Forward catalysts to watch: the ICSG releases its next market balance update in mid-July, which will provide updated deficit/surplus estimates. Chinese June trade data, due July 13, will show unwrought copper import volumes — a critical gauge of real demand versus stockpiling. The Fed's July 30 FOMC meeting matters because copper is dollar-denominated; any signal of rate cuts would weaken the dollar and provide a tailwind for metals prices. And the LME's quarterly commitment of traders report, due in late July, will reveal whether the speculative long position that drove the January-March rally is rebuilding or unwinding.

What this means for buyers

Lock in Q3 copper requirements now. The $13,000 floor is holding and the risk of a breakout above $14,000 on any supply disruption is real. For US-based buyers, the inventory dislocation works in your favor — negotiate from strength using the fact that US reserves are ample while ex-US markets are tighter. Structure Q3 contracts with a floating-to-fixed collar: set a ceiling at $14,500/mt for budget protection and a floor at $12,000/mt to capture downside.
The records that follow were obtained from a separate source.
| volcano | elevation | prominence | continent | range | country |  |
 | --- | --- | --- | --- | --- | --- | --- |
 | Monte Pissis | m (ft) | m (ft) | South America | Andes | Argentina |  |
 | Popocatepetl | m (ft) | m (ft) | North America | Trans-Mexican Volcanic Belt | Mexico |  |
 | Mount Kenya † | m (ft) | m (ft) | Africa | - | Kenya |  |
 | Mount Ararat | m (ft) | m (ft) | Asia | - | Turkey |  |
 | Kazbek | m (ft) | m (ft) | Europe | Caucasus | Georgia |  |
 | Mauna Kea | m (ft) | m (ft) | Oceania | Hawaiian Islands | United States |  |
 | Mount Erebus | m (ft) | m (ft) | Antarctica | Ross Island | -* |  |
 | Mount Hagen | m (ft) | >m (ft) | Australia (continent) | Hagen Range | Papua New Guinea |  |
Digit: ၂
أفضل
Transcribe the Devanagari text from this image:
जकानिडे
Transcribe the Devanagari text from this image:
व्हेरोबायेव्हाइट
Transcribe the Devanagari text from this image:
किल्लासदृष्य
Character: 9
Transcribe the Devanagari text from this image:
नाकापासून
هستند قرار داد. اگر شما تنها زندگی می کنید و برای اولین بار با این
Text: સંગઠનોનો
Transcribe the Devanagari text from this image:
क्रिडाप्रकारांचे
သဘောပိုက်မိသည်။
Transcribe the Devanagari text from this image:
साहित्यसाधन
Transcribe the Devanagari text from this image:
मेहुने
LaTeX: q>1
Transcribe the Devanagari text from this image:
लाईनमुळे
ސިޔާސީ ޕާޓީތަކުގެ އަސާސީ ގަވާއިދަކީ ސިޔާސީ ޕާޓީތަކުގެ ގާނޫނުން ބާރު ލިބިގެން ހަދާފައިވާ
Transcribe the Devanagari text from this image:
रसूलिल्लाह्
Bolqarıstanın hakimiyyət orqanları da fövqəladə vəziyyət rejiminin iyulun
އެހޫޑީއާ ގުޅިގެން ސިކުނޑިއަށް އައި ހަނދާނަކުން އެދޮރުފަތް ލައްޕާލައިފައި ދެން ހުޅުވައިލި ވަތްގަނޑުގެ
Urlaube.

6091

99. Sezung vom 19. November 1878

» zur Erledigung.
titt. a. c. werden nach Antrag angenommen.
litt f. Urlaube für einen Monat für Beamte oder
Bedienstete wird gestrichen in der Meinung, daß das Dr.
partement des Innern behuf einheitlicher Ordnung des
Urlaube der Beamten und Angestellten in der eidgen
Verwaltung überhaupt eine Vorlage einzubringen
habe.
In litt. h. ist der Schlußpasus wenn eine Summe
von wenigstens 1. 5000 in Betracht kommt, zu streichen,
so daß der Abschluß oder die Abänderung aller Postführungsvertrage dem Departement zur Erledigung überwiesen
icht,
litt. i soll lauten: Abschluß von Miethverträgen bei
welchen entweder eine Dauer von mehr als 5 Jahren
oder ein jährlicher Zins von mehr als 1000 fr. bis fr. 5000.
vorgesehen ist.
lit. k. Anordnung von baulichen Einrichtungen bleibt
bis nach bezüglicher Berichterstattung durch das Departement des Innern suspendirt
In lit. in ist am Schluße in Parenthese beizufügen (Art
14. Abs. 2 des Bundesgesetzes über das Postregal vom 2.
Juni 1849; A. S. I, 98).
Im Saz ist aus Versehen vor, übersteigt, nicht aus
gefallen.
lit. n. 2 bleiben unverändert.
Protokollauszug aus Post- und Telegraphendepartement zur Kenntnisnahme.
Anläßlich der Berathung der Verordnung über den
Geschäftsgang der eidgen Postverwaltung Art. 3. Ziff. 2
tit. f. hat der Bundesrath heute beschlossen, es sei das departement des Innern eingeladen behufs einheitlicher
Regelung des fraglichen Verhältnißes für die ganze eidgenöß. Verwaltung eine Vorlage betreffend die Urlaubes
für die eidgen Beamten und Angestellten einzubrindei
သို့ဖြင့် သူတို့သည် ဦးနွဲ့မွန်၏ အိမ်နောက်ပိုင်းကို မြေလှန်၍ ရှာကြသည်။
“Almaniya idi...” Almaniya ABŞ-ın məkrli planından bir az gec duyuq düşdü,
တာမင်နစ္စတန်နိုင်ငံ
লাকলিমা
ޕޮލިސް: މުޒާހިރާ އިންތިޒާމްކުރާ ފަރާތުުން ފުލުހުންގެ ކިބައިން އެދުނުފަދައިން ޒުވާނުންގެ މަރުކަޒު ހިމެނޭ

For buyers sourcing from LME-warehoused material outside the US, pay the premium for location-guaranteed material now — the gap between LME-registered and deliverable metal is widening, and in a disruption, having metal on warrant in the right location matters more than a few dollars on the price. Watch Chinese import data on July 13 and the ICSG balance update for confirmation of the deficit trajectory. If SHFE inventories continue building while LME draws, the arbitrage window for importing copper into China opens — that is your signal that Chinese demand is absorbing global supply and prices are headed higher.